Could you repeat the whole listing below exactly, omitting any picture it holds?

_ _ _ _ _ _ _

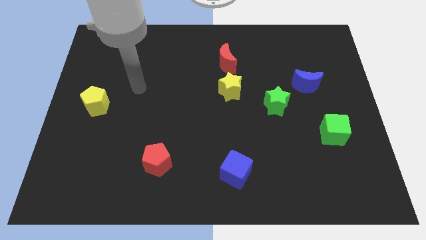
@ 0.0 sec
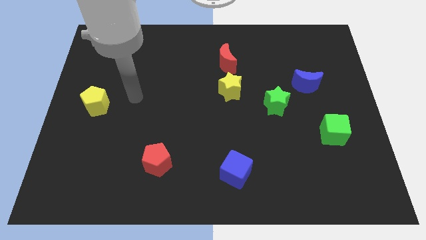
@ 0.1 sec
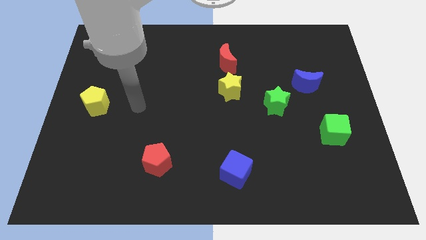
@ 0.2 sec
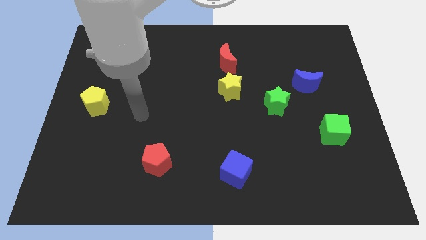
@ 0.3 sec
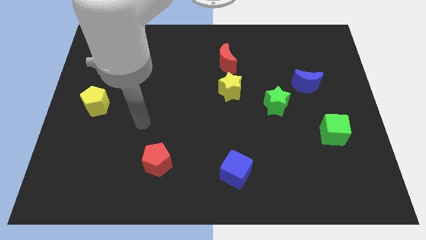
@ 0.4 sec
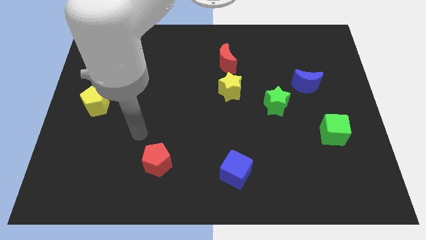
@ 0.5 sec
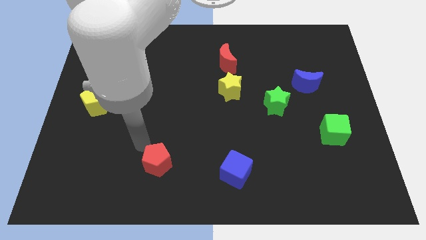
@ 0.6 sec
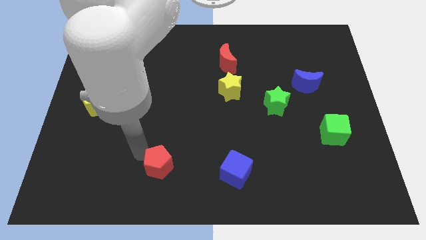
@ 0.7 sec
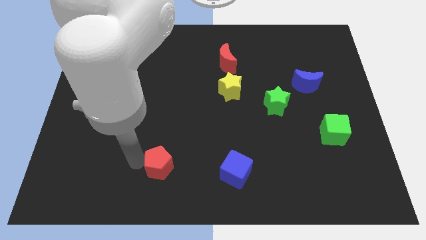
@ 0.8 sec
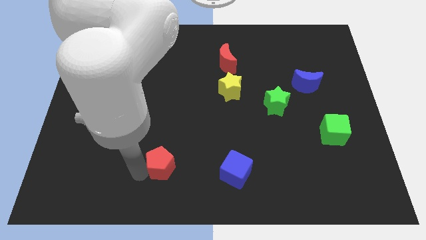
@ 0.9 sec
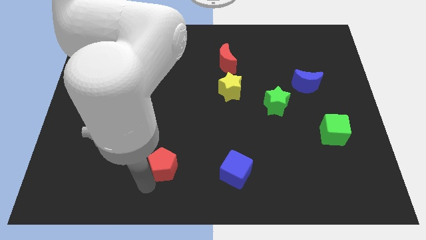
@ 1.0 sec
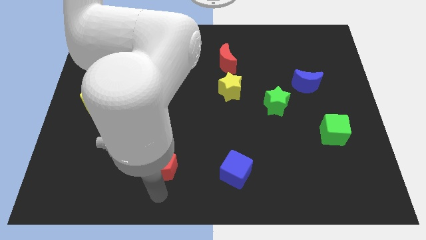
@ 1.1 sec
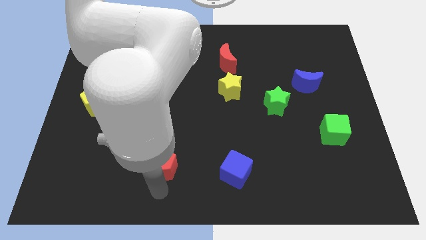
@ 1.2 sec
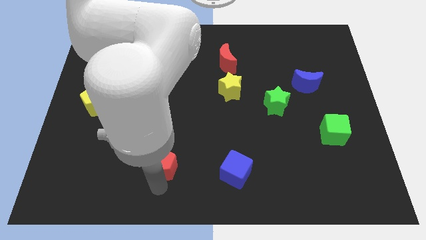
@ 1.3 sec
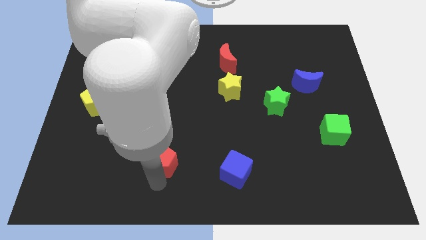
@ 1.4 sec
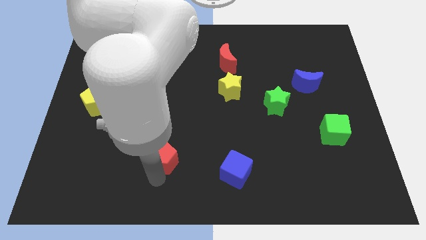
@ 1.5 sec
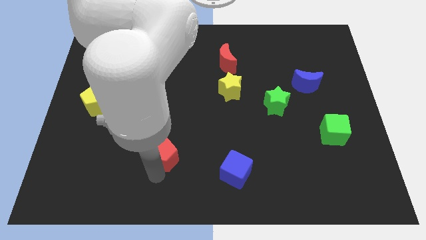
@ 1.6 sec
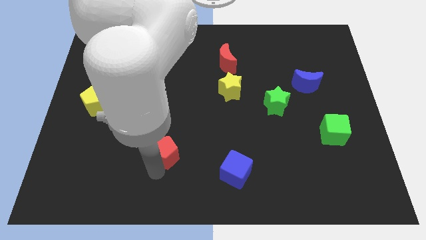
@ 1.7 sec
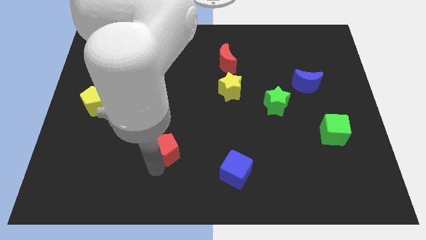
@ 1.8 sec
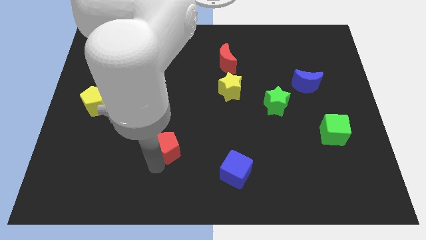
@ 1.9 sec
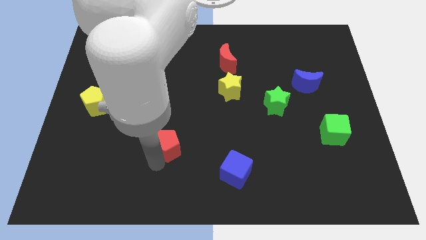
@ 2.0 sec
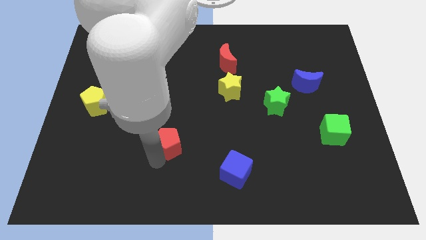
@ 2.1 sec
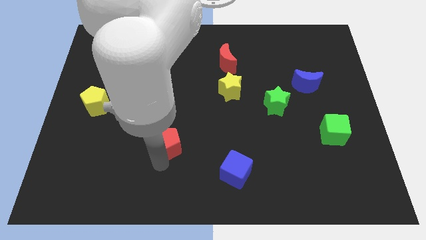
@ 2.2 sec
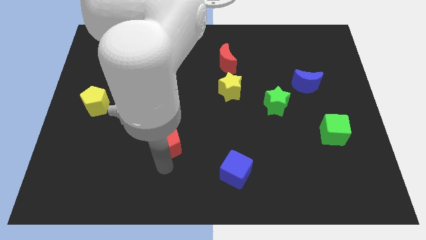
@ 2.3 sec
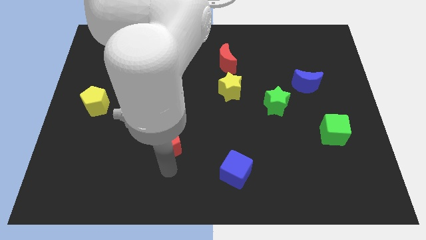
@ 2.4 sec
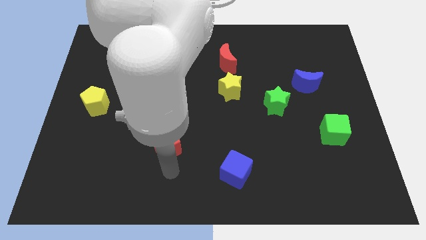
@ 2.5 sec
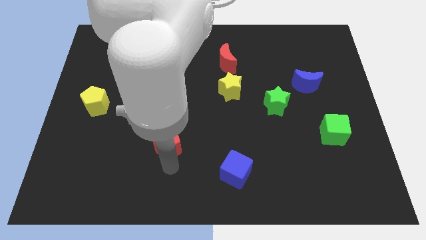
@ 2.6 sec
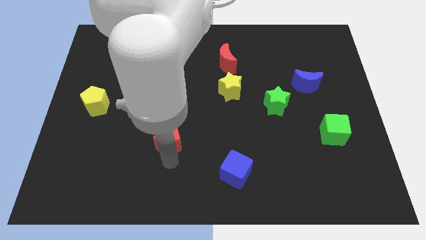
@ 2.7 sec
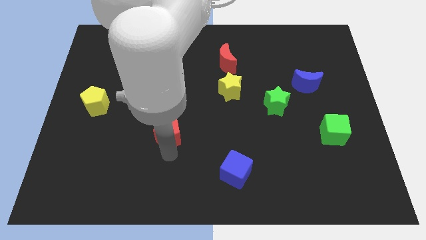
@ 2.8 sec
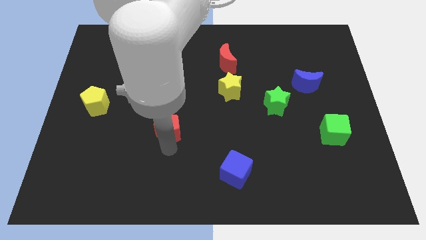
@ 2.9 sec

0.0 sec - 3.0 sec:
move the red pentagon upwards slightly

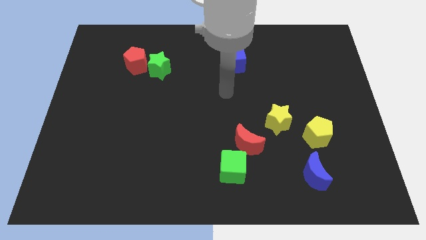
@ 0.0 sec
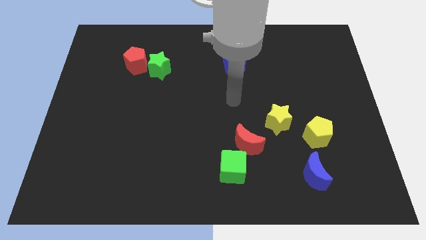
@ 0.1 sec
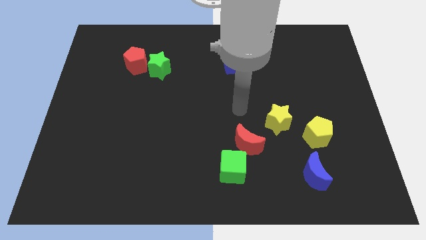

_ _ _ _ _ _ _

TASK SOLUTION ▸
@ 0.0 sec
@ 0.1 sec
@ 0.2 sec
@ 0.3 sec
@ 0.4 sec
@ 0.5 sec
@ 0.6 sec
@ 0.7 sec
@ 0.8 sec
@ 0.9 sec
@ 1.0 sec
@ 1.1 sec
@ 1.2 sec
@ 1.3 sec
@ 1.4 sec
@ 1.5 sec
@ 1.6 sec
@ 1.7 sec
@ 1.8 sec
@ 1.9 sec
@ 2.0 sec
@ 2.1 sec
@ 2.2 sec
@ 2.3 sec
@ 2.4 sec
@ 2.5 sec
@ 2.6 sec
@ 2.7 sec
@ 2.8 sec
@ 2.9 sec

0.0 sec - 3.0 sec:
move the red pentagon upwards slightly

@ 0.0 sec
@ 0.1 sec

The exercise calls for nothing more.